Does an IVA affect my Mortgage?

An IVA is a formal arrangement involving you and your unsecured lenders to repay a part of your liabilities during a restricted amount of time – generally five years, yet it might be for a smaller duration.

Secured creditors expect to receive the entire contractual repayments on their secured loans to you through the life of the IVA. Assuming you have a mortgage, you’re going to be supposed to make the monthly mortgage payments to your home loan company in whole.

Unfortunately the unsecured lenders get merely a dividend on their unsecured loans to you. The actual size of the dividend can vary. It just varies according to what you can afford to pay out and whatever your unsecured lenders are ready to accept from you. Keep in mind over 75% of your unsecured creditors (measured in ) have got to come to an agreement to accept your IVA proposals before your IVA can be accepted. In reality the dividend will fall in the range of 20p in the to 40p in the , though of course it may be much lower and indeed much bigger. On occasion unsecured creditors could end up with 100p in the and possibly attain statutory interest on top of that.

Therefore any time you offer your proposals for an IVA, your unsecured lenders are not required to consent to your offer. If they think that you can make higher contributions than you propose in the beginning, then they might suggest alterations to your IVA which often might have the result of increasing the extent of your monthly contributions or indeed they can try to increase the period of the IVA for maybe six months or a little more.

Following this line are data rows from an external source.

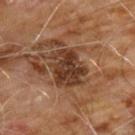This lesion was catalogued during total-body skin photography and was not selected for biopsy. The tile uses cross-polarized illumination. The lesion's longest dimension is about 4.5 mm. The lesion is located on the chest. The patient is a male about 60 years old. A roughly 15 mm field-of-view crop from a total-body skin photograph.
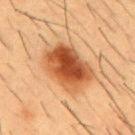notes: no biopsy performed (imaged during a skin exam)
anatomic site: the front of the torso
automated lesion analysis: a color-variation rating of about 8/10; a detector confidence of about 100 out of 100 that the crop contains a lesion
image source: ~15 mm tile from a whole-body skin photo
illumination: cross-polarized illumination
patient: male, in their mid- to late 50s
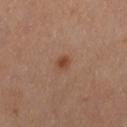Imaged during a routine full-body skin examination; the lesion was not biopsied and no histopathology is available. A female patient in their 60s. The lesion is on the leg. A lesion tile, about 15 mm wide, cut from a 3D total-body photograph.
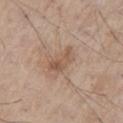notes: catalogued during a skin exam; not biopsied | tile lighting: white-light | acquisition: ~15 mm crop, total-body skin-cancer survey | TBP lesion metrics: a mean CIELAB color near L≈55 a*≈17 b*≈29, roughly 8 lightness units darker than nearby skin, and a normalized lesion–skin contrast near 6 | patient: male, aged around 80 | size: ~4 mm (longest diameter) | site: the chest.
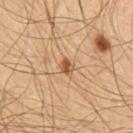Q: Was a biopsy performed?
A: catalogued during a skin exam; not biopsied
Q: What is the anatomic site?
A: the chest
Q: How was this image acquired?
A: 15 mm crop, total-body photography
Q: Patient demographics?
A: male, aged around 65
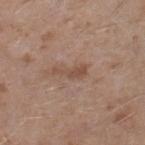lesion diameter — about 3.5 mm
automated metrics — a footprint of about 3.5 mm², an outline eccentricity of about 0.95 (0 = round, 1 = elongated), and a shape-asymmetry score of about 0.55 (0 = symmetric); an automated nevus-likeness rating near 0 out of 100
body site — the right lower leg
patient — male, aged approximately 45
image — ~15 mm tile from a whole-body skin photo
tile lighting — white-light
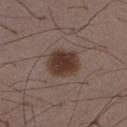{
  "biopsy_status": "not biopsied; imaged during a skin examination",
  "lesion_size": {
    "long_diameter_mm_approx": 4.0
  },
  "automated_metrics": {
    "nevus_likeness_0_100": 95,
    "lesion_detection_confidence_0_100": 100
  },
  "patient": {
    "sex": "male",
    "age_approx": 50
  },
  "site": "abdomen",
  "lighting": "white-light",
  "image": {
    "source": "total-body photography crop",
    "field_of_view_mm": 15
  }
}
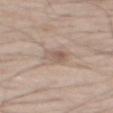Q: Was a biopsy performed?
A: total-body-photography surveillance lesion; no biopsy
Q: What is the anatomic site?
A: the mid back
Q: Who is the patient?
A: male, roughly 50 years of age
Q: How was the tile lit?
A: white-light
Q: What is the imaging modality?
A: total-body-photography crop, ~15 mm field of view
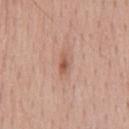workup: no biopsy performed (imaged during a skin exam) | body site: the chest | patient: male, approximately 55 years of age | image-analysis metrics: a lesion area of about 3 mm², an outline eccentricity of about 0.9 (0 = round, 1 = elongated), and a symmetry-axis asymmetry near 0.25; border irregularity of about 2.5 on a 0–10 scale and radial color variation of about 1 | image source: 15 mm crop, total-body photography.
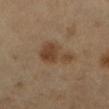<case>
<patient>
  <sex>female</sex>
  <age_approx>60</age_approx>
</patient>
<lesion_size>
  <long_diameter_mm_approx>4.5</long_diameter_mm_approx>
</lesion_size>
<site>left lower leg</site>
<image>
  <source>total-body photography crop</source>
  <field_of_view_mm>15</field_of_view_mm>
</image>
</case>
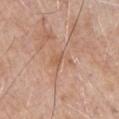follow-up: total-body-photography surveillance lesion; no biopsy
image: total-body-photography crop, ~15 mm field of view
illumination: white-light illumination
size: about 3 mm
location: the front of the torso
patient: male, aged around 80
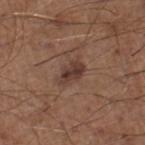Q: Is there a histopathology result?
A: imaged on a skin check; not biopsied
Q: What kind of image is this?
A: total-body-photography crop, ~15 mm field of view
Q: Illumination type?
A: white-light
Q: Lesion size?
A: about 3 mm
Q: Who is the patient?
A: male, about 60 years old
Q: Lesion location?
A: the right lower leg
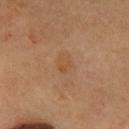Q: Was this lesion biopsied?
A: imaged on a skin check; not biopsied
Q: What is the anatomic site?
A: the front of the torso
Q: Who is the patient?
A: male, approximately 55 years of age
Q: How was this image acquired?
A: ~15 mm crop, total-body skin-cancer survey
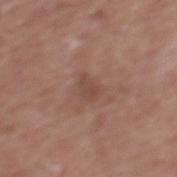Clinical impression: No biopsy was performed on this lesion — it was imaged during a full skin examination and was not determined to be concerning. Background: Automated tile analysis of the lesion measured an area of roughly 3 mm², a shape eccentricity near 0.8, and two-axis asymmetry of about 0.3. The software also gave a color-variation rating of about 1.5/10 and a peripheral color-asymmetry measure near 0.5. The lesion is located on the mid back. A male patient approximately 75 years of age. Approximately 2.5 mm at its widest. This image is a 15 mm lesion crop taken from a total-body photograph. The tile uses white-light illumination.
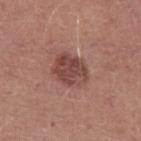{
  "biopsy_status": "not biopsied; imaged during a skin examination",
  "lesion_size": {
    "long_diameter_mm_approx": 4.0
  },
  "patient": {
    "sex": "male",
    "age_approx": 25
  },
  "automated_metrics": {
    "border_irregularity_0_10": 2.5,
    "color_variation_0_10": 4.5
  },
  "lighting": "white-light",
  "site": "left upper arm",
  "image": {
    "source": "total-body photography crop",
    "field_of_view_mm": 15
  }
}
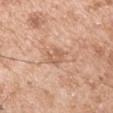The lesion was photographed on a routine skin check and not biopsied; there is no pathology result. The patient is a male aged around 55. Located on the left upper arm. Cropped from a whole-body photographic skin survey; the tile spans about 15 mm.

Should you have a mortgaged property, unsecured creditors will definitely not dismiss this reality. They will give consideration to the recent market value of the property and the amount of money you presently must pay back to your mortgage provider. You will be asked to supply a up to date, true and honest market value of the property. You will also be asked to acquire from your mortgage supplier a existing mortgage redemption statement, displaying the entire cost of clearing your mortgage, including any early redemption penalty which could apply. By means of these two pieces of information, your creditors can swiftly check if there is any realisable equity in the property. If there is realisable equity therein, your unsecured lenders may, by means of adjustment to your proposals, require you to re-mortgage your property during the life of the IVA and bring in some or even all of any released equity into your IVA for their advantage.

A properly constructed IVA proposal will already incorporate a provision for re-mortgaging the property and furnishing equity to lenders. However, it may well be that re-mortgaging is not an route for you quite simply mainly because no mortgage company will take you on due to your unfavorable credit history. Then again, you may find that to re-mortgage the property, you might have to pay prime home loan rates for the same reason.

Even if there is virtually no equity in the property, unsecured lenders may examine the level of the monthly home loan repayments. If they are significant, creditors may suggest a amendment that you dispose of the property and relocate to rental accommodation, thus making it possible for you to elevate your monthly contributions to your IVA. As a yardstick, mortgage payments that go beyond 40% of net family income would normally be deemed to be disproportionate. Clearly if the cost of rental accommodation is significantly cheaper than your monthly mortgage payments, then it is not surprising that unsecured creditors would propose such a modification.

In recent years, property values have dipped sharply, and many people find that their property is in negative equity. This simply means that the cost of redemption of their mortgage is greater (sometimes substantially greater) than the current market value of the property. If forced to sell, the shortfall due to the mortgage provider now becomes a further unsecured liability and so would rank for dividend with the other unsecured creditors, thus depressing the dividend in an IVA.

Don’t forget that your partner or spouse may have an equitable interest in your property. In numerous scenarios that interest is 50% of the equity. Your family members may also have legal rights of residence in the home which could quite possibly make a enforced sale complicated for lenders, at the very least. In conclusion then, an IVA can indeed influence your mortgage but the good news is that in most circumstances, debtors will probably not ‘lose’ their home in an IVA.

If you are considering entering into an IVA and are concerned that it might affect your mortgage, you should initially consult with an Insolvency Practitioner, otherwise known as an IP, for advice. A reputable IP will look at all of your financial circumstances. You should incur no costs in obtaining this advice. Your IP will go on to advise you on all of the options open to you including entering into an Individual Voluntary Arrangement (IVA). That is not the only option. You might consider entering into a Debt Management Plan or even petitioning for your own Bankruptcy. There may be other options available as well. You can choose the best option for yourself in the light of the advice provided by the IP.

Looking for legitimate debt help ? Get inside information on how and where to find the best now in our guide to all you need to know about Debt management plans.